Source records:
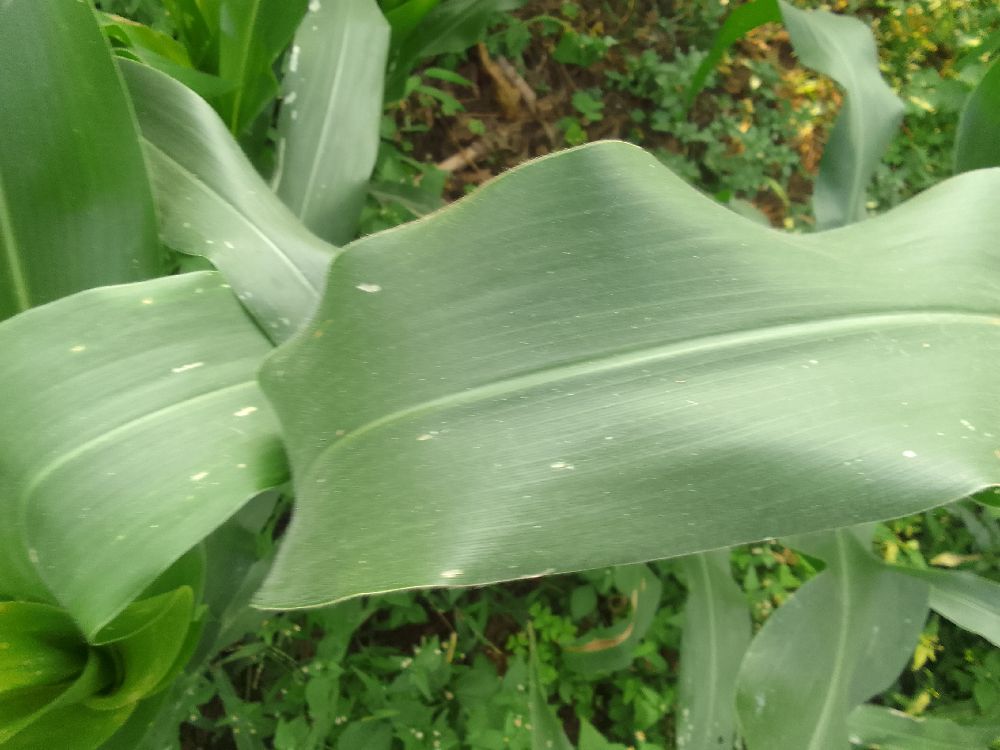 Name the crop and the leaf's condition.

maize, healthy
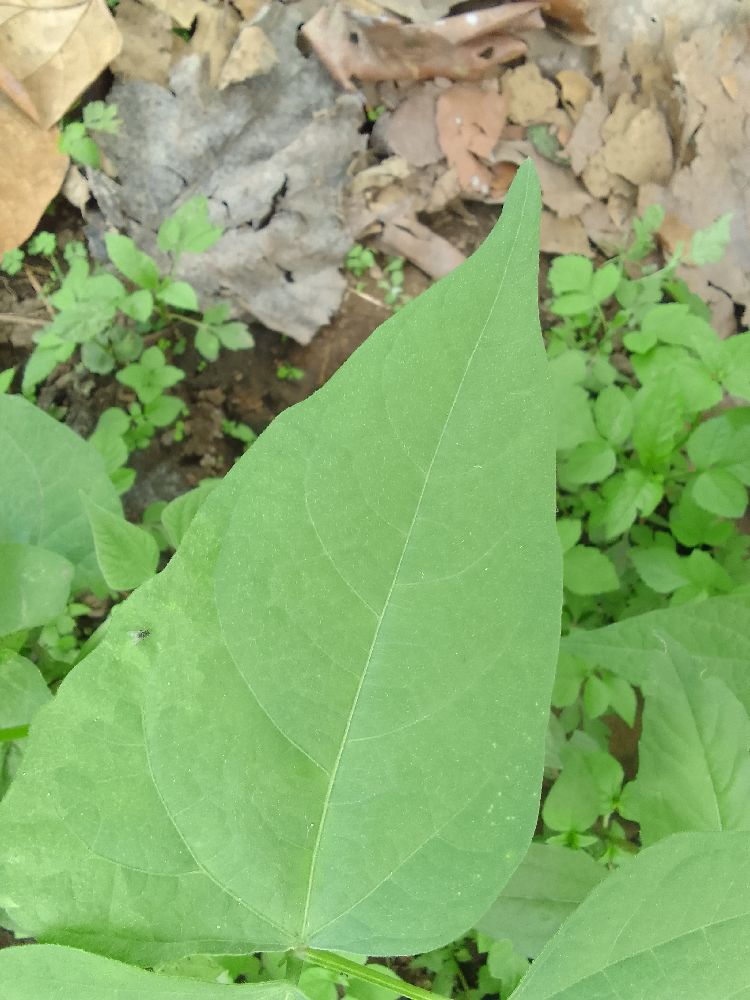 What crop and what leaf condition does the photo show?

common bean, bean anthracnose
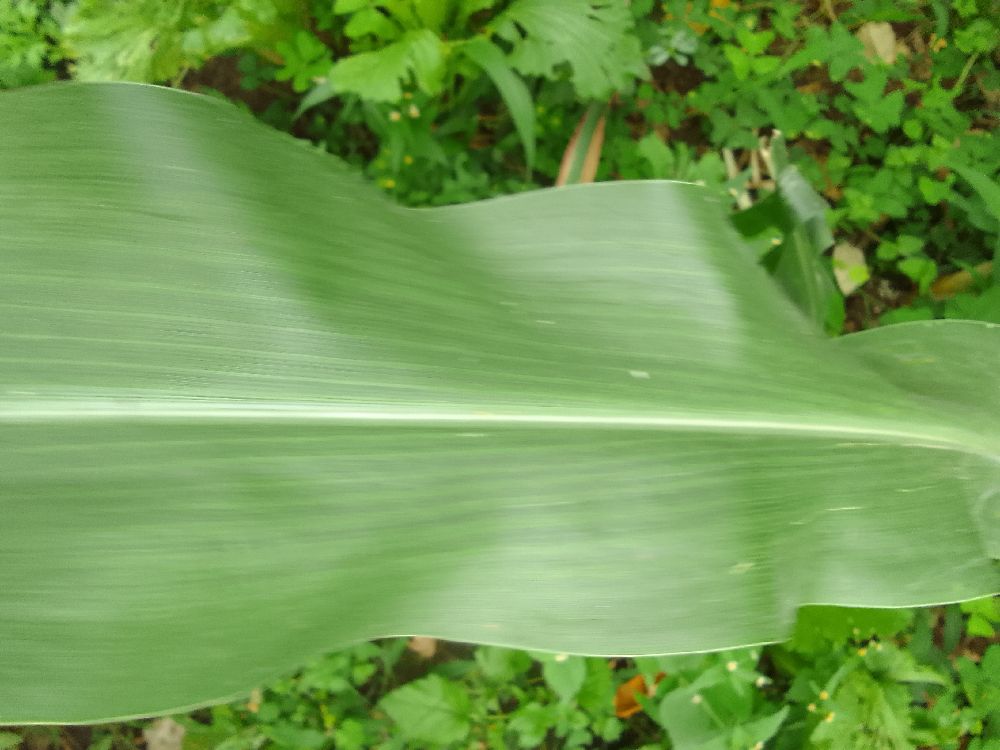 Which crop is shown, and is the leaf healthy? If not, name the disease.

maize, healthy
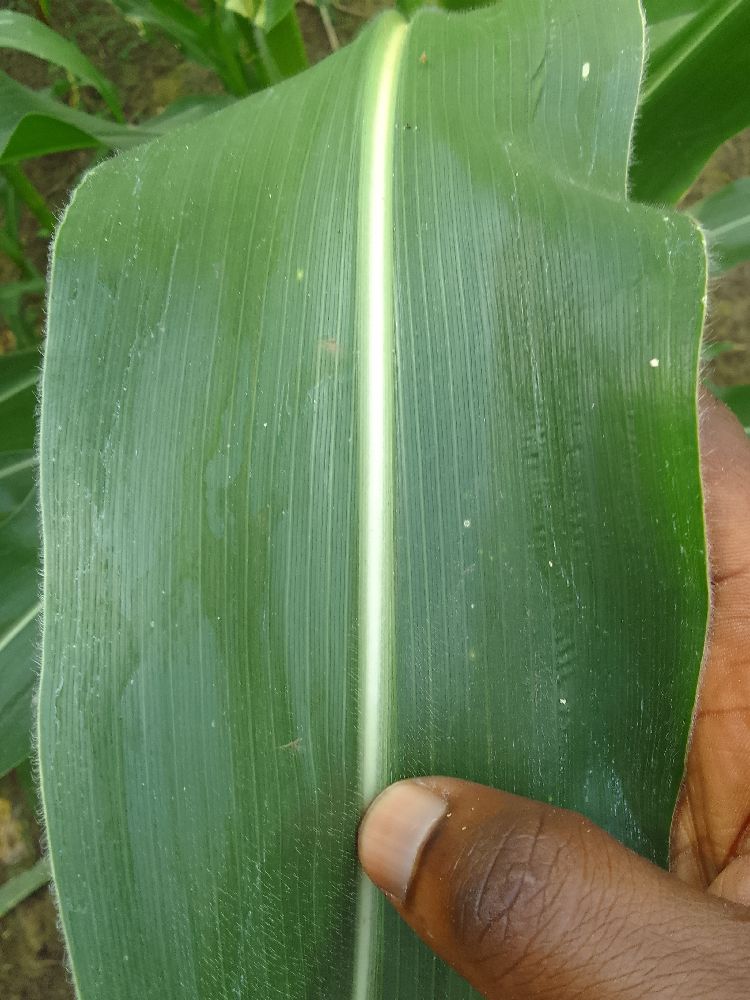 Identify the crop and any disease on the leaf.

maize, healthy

_Task details_: Please transcribe exactly the lines from the one containing "What crop and" through the final line of the data, including both, and nothing else. Pictures are to be left out.

_Solution_:
 What crop and what leaf condition does the photo show?

common bean, bean anthracnose
 Which crop is shown, and is the leaf healthy? If not, name the disease.

maize, healthy
 Identify the crop and any disease on the leaf.

maize, healthy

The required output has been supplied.